• _Brief_: Please set down each of the lines below once more, exactly, omitting all pictures.

• _Exercise materials_:
[Start of section]

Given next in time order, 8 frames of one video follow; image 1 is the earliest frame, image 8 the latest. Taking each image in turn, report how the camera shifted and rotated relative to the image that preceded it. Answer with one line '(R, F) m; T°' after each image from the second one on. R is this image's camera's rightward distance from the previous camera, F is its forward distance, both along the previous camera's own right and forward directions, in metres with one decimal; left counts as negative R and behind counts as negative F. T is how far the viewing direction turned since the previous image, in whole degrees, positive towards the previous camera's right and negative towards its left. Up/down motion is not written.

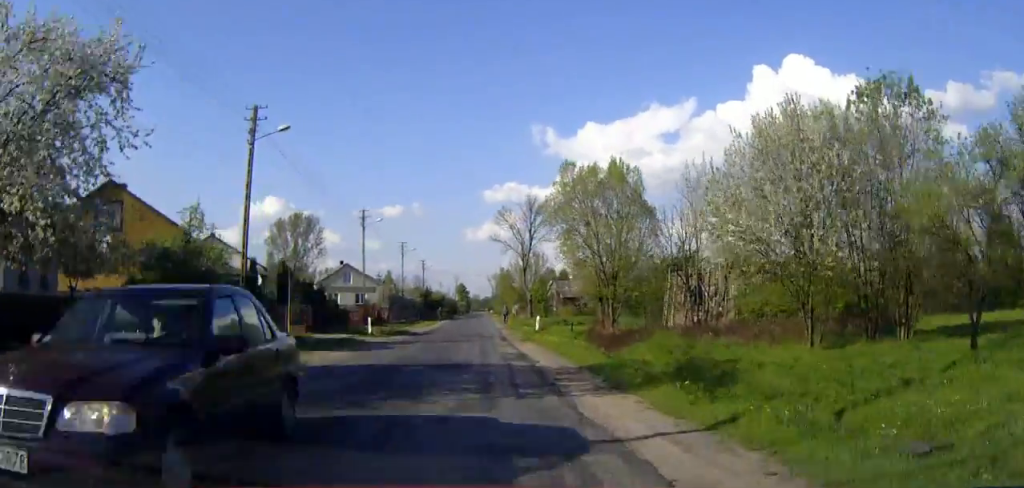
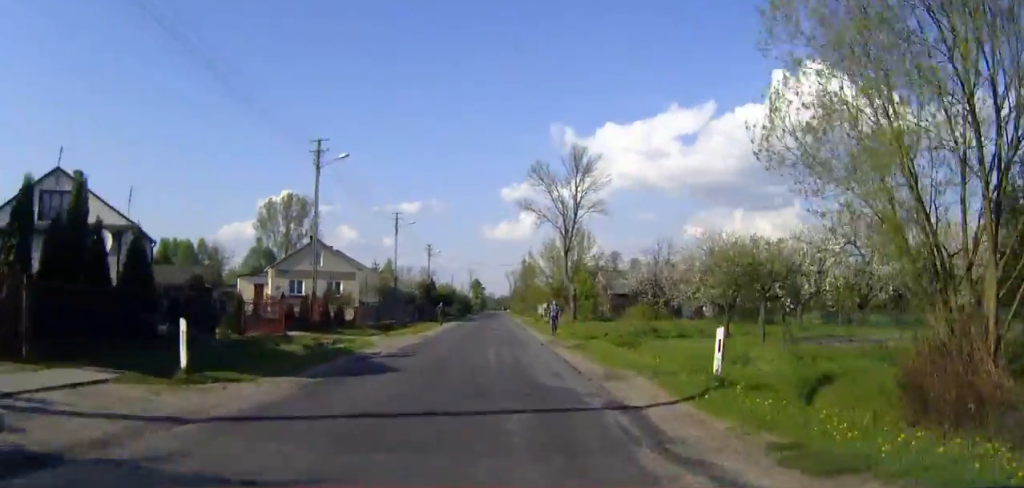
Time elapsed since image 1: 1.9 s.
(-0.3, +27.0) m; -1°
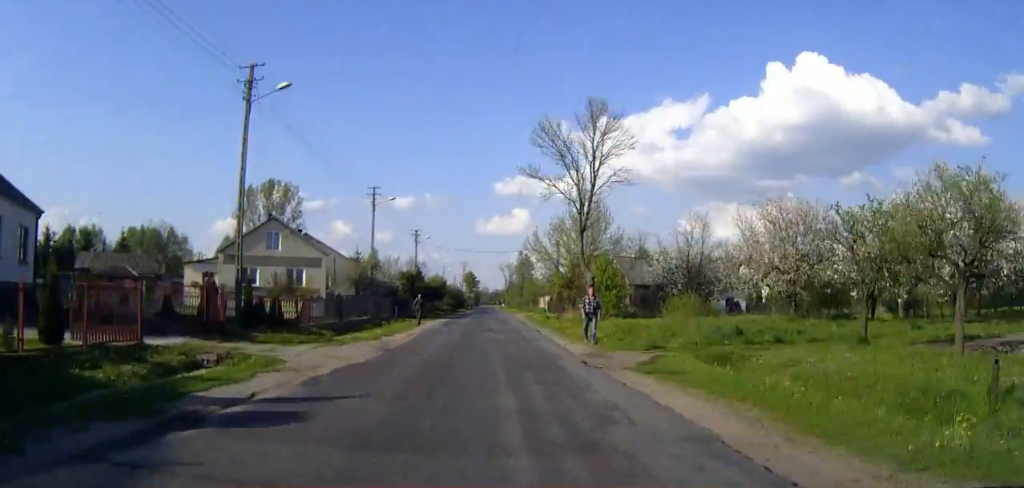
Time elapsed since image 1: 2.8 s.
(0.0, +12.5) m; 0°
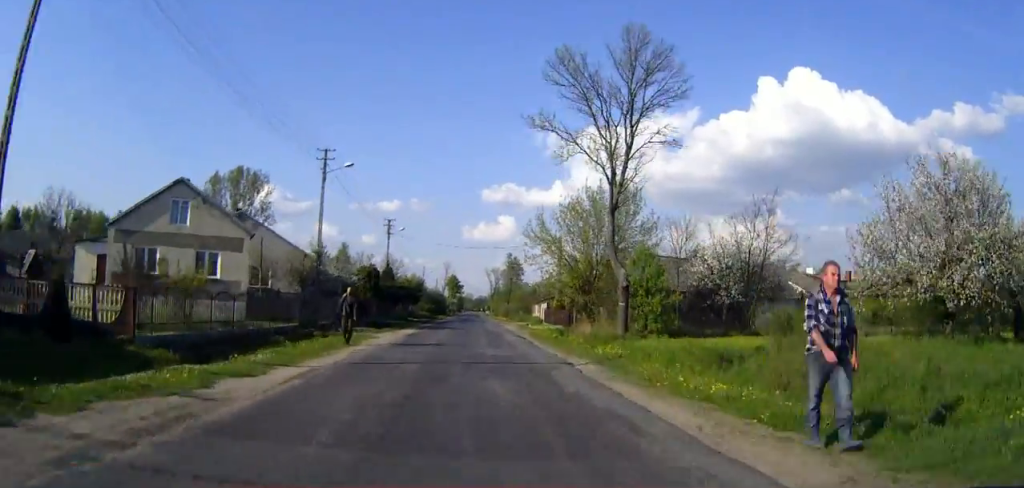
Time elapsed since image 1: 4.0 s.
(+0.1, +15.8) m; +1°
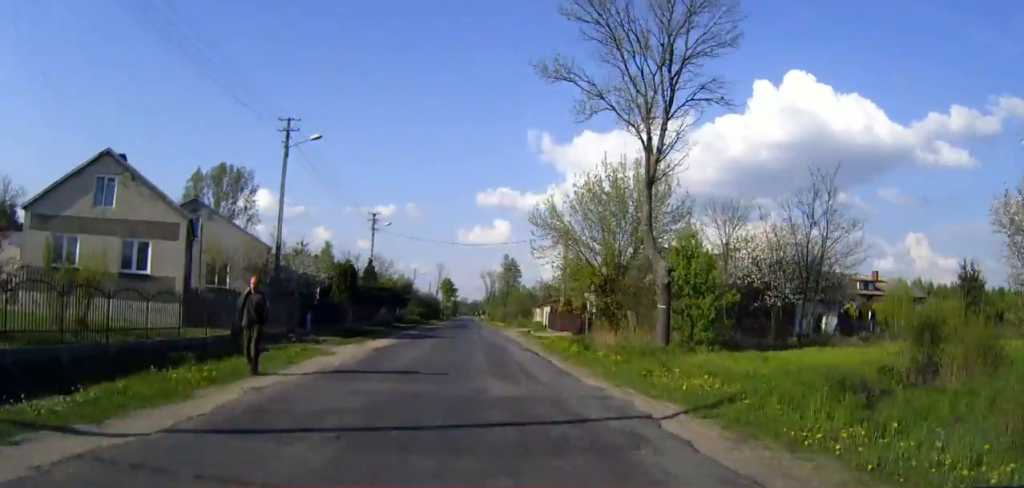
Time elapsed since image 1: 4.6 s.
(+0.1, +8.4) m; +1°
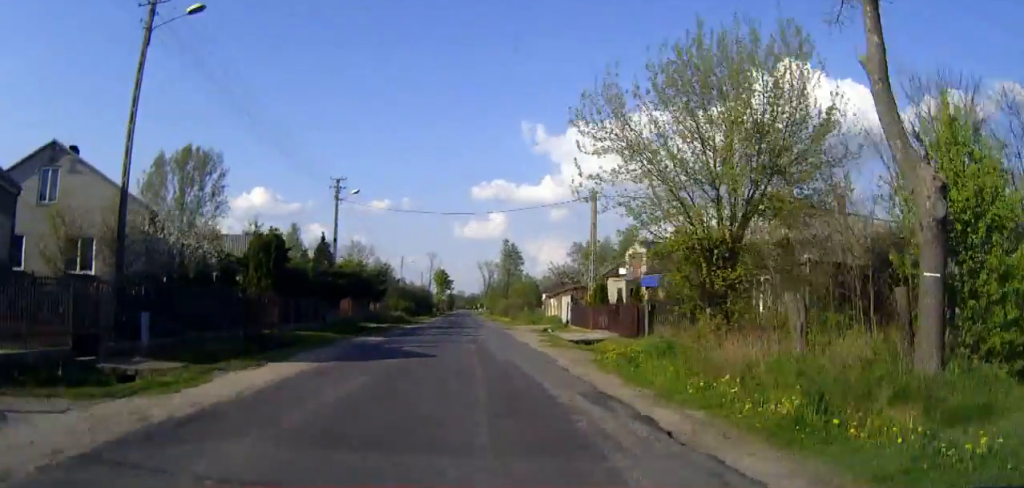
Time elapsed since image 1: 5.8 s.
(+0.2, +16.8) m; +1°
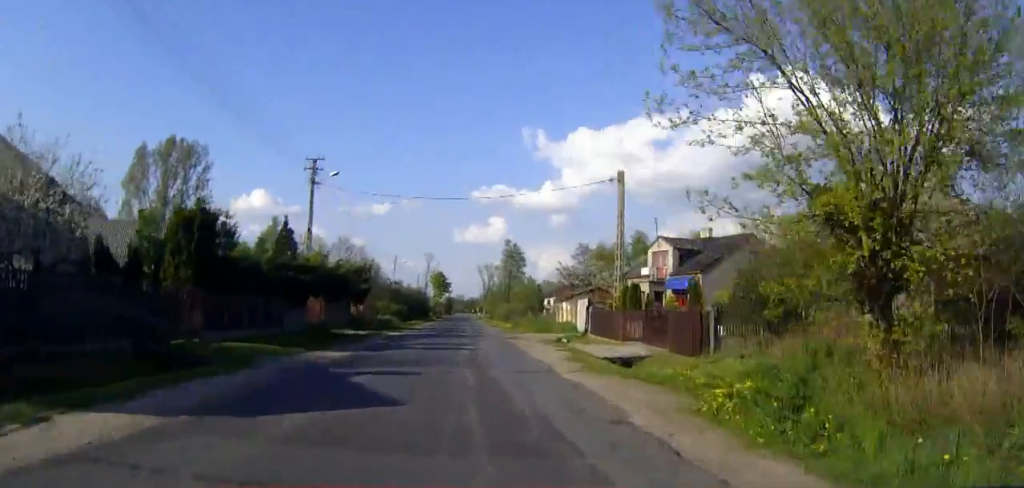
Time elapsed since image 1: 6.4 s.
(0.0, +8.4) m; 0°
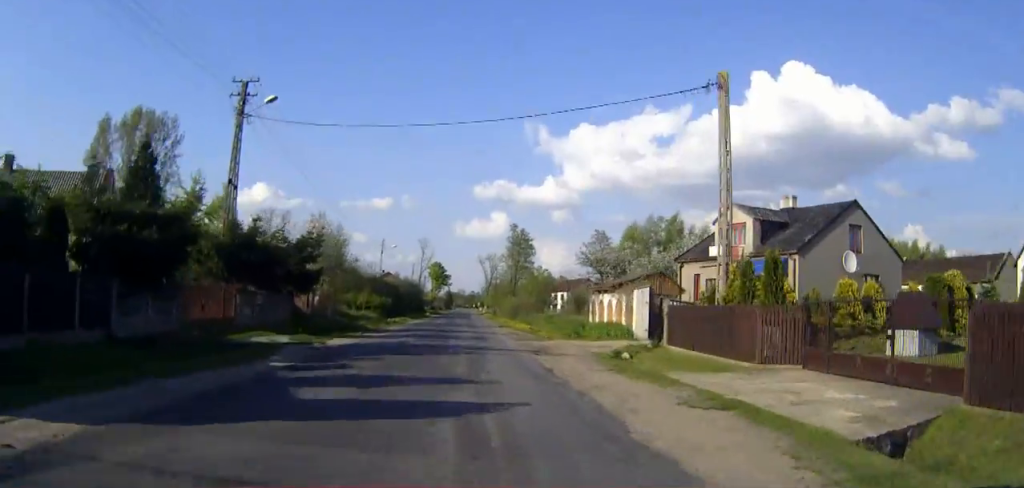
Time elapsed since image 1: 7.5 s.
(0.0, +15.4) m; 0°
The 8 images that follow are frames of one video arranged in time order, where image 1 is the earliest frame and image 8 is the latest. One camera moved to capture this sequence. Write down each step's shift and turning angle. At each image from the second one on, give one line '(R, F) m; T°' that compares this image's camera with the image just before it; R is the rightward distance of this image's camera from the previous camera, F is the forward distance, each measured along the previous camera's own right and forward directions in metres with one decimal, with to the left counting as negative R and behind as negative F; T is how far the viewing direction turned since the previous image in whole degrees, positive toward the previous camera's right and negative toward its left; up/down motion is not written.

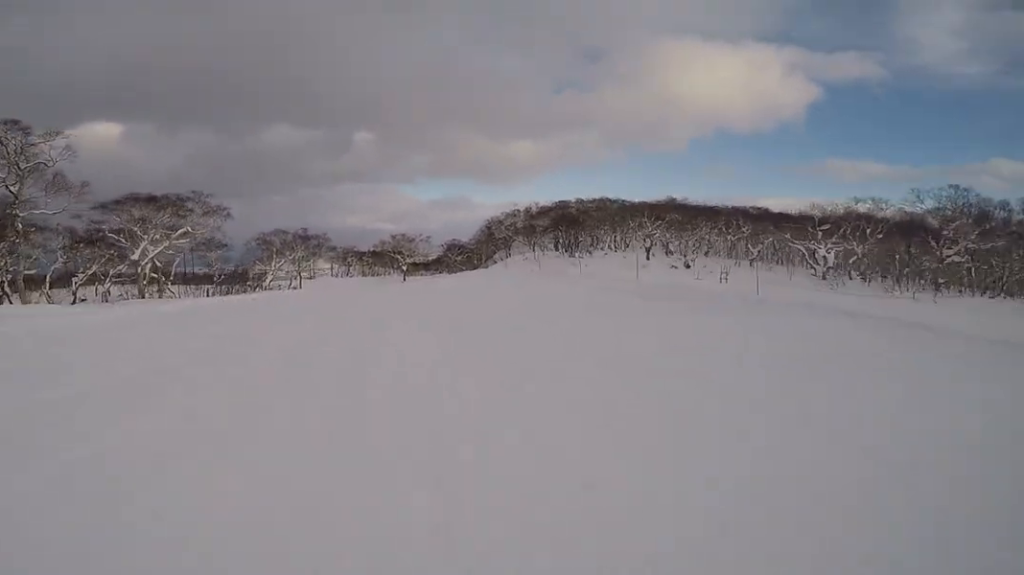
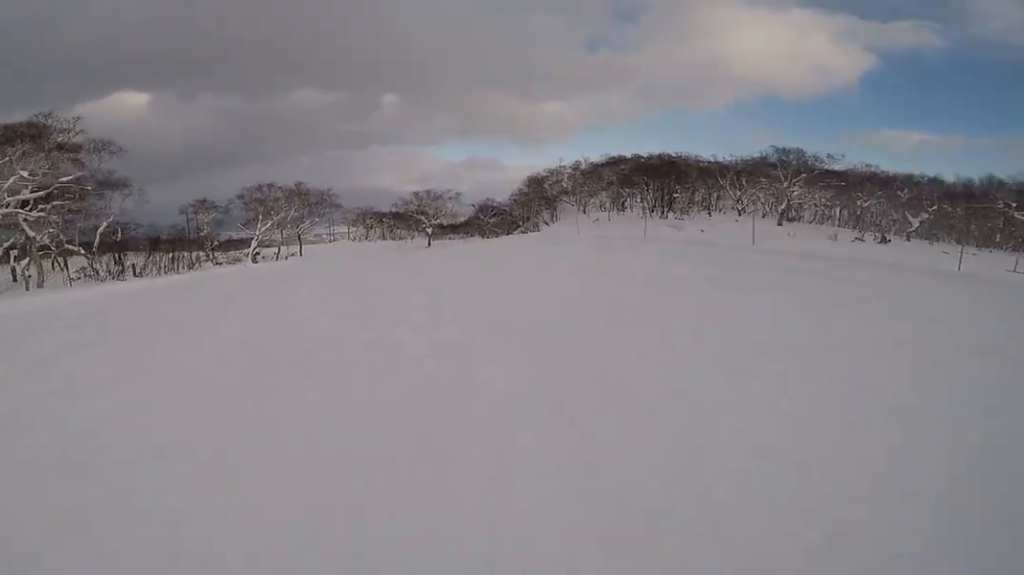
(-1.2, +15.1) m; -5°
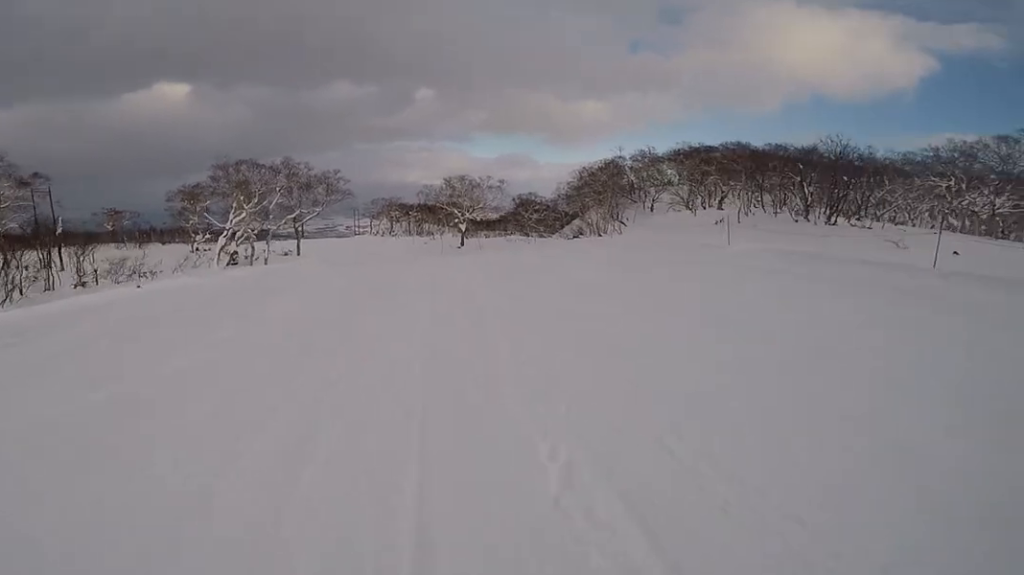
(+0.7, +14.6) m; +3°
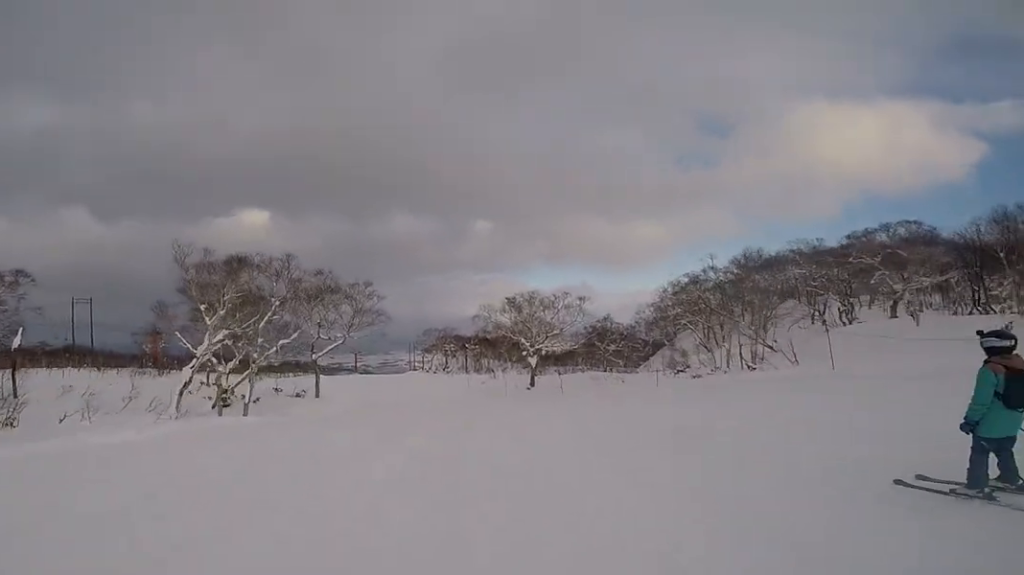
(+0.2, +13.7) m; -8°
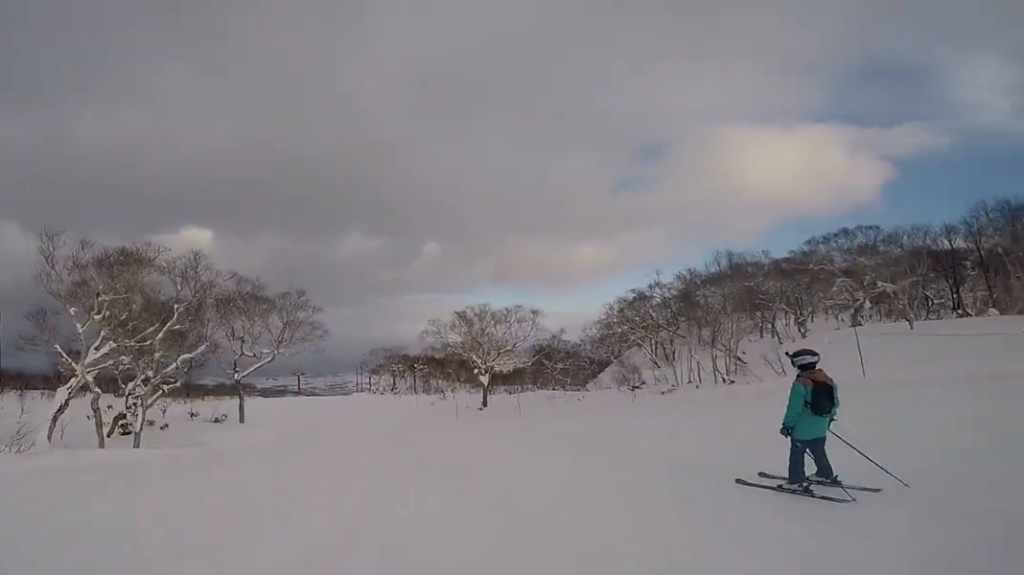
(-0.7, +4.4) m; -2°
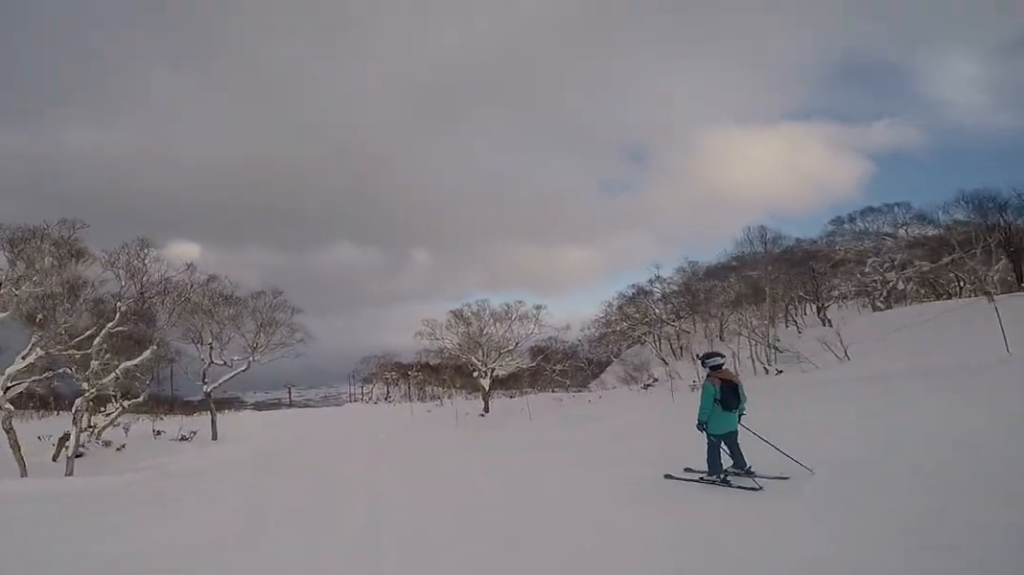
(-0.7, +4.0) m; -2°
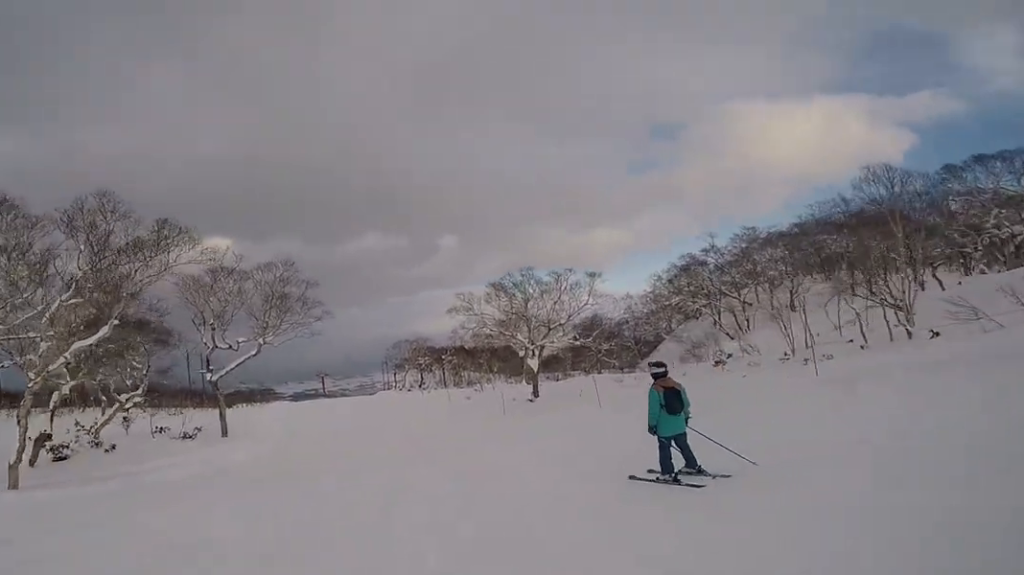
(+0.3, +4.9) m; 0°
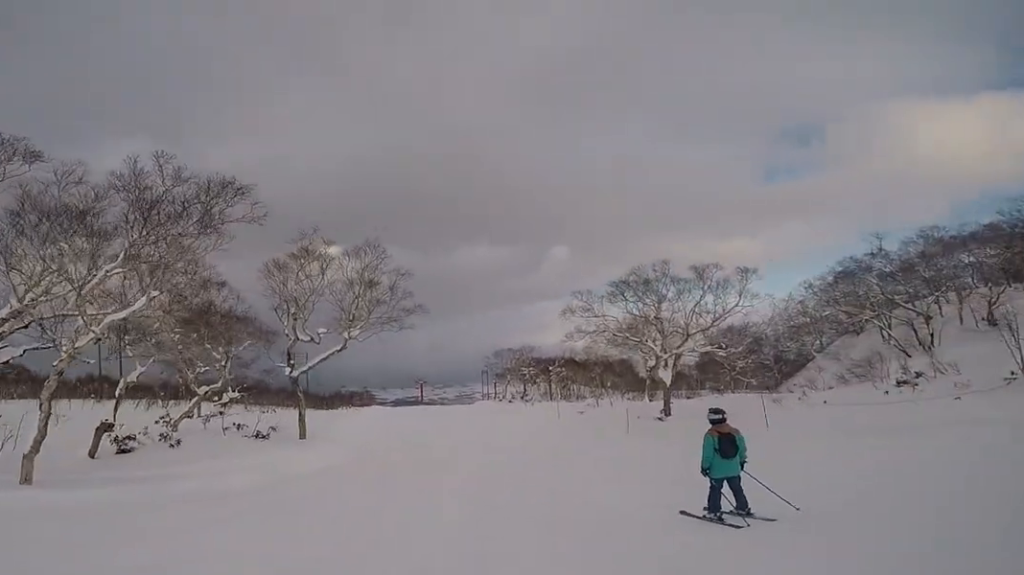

[End of section]

• _Answer to the problem_:
Given next in time order, 8 frames of one video follow; image 1 is the earliest frame, image 8 the latest. Taking each image in turn, report how the camera shifted and rotated relative to the image that preceded it. Answer with one line '(R, F) m; T°' after each image from the second one on. R is this image's camera's rightward distance from the previous camera, F is its forward distance, both along the previous camera's own right and forward directions, in metres with one decimal; left counts as negative R and behind counts as negative F. T is how far the viewing direction turned since the previous image, in whole degrees, positive towards the previous camera's right and negative towards its left. Up/down motion is not written.

Time elapsed since image 1: 1.9 s.
(-0.3, +27.0) m; -1°
Time elapsed since image 1: 2.8 s.
(0.0, +12.5) m; 0°
Time elapsed since image 1: 4.0 s.
(+0.1, +15.8) m; +1°
Time elapsed since image 1: 4.6 s.
(+0.1, +8.4) m; +1°
Time elapsed since image 1: 5.8 s.
(+0.2, +16.8) m; +1°
Time elapsed since image 1: 6.4 s.
(0.0, +8.4) m; 0°
Time elapsed since image 1: 7.5 s.
(0.0, +15.4) m; 0°
The 8 images that follow are frames of one video arranged in time order, where image 1 is the earliest frame and image 8 is the latest. One camera moved to capture this sequence. Write down each step's shift and turning angle. At each image from the second one on, give one line '(R, F) m; T°' that compares this image's camera with the image just before it; R is the rightward distance of this image's camera from the previous camera, F is the forward distance, each measured along the previous camera's own right and forward directions in metres with one decimal, with to the left counting as negative R and behind as negative F; T is how far the viewing direction turned since the previous image in whole degrees, positive toward the previous camera's right and negative toward its left; up/down motion is not written.

(-1.2, +15.1) m; -5°
(+0.7, +14.6) m; +3°
(+0.2, +13.7) m; -8°
(-0.7, +4.4) m; -2°
(-0.7, +4.0) m; -2°
(+0.3, +4.9) m; 0°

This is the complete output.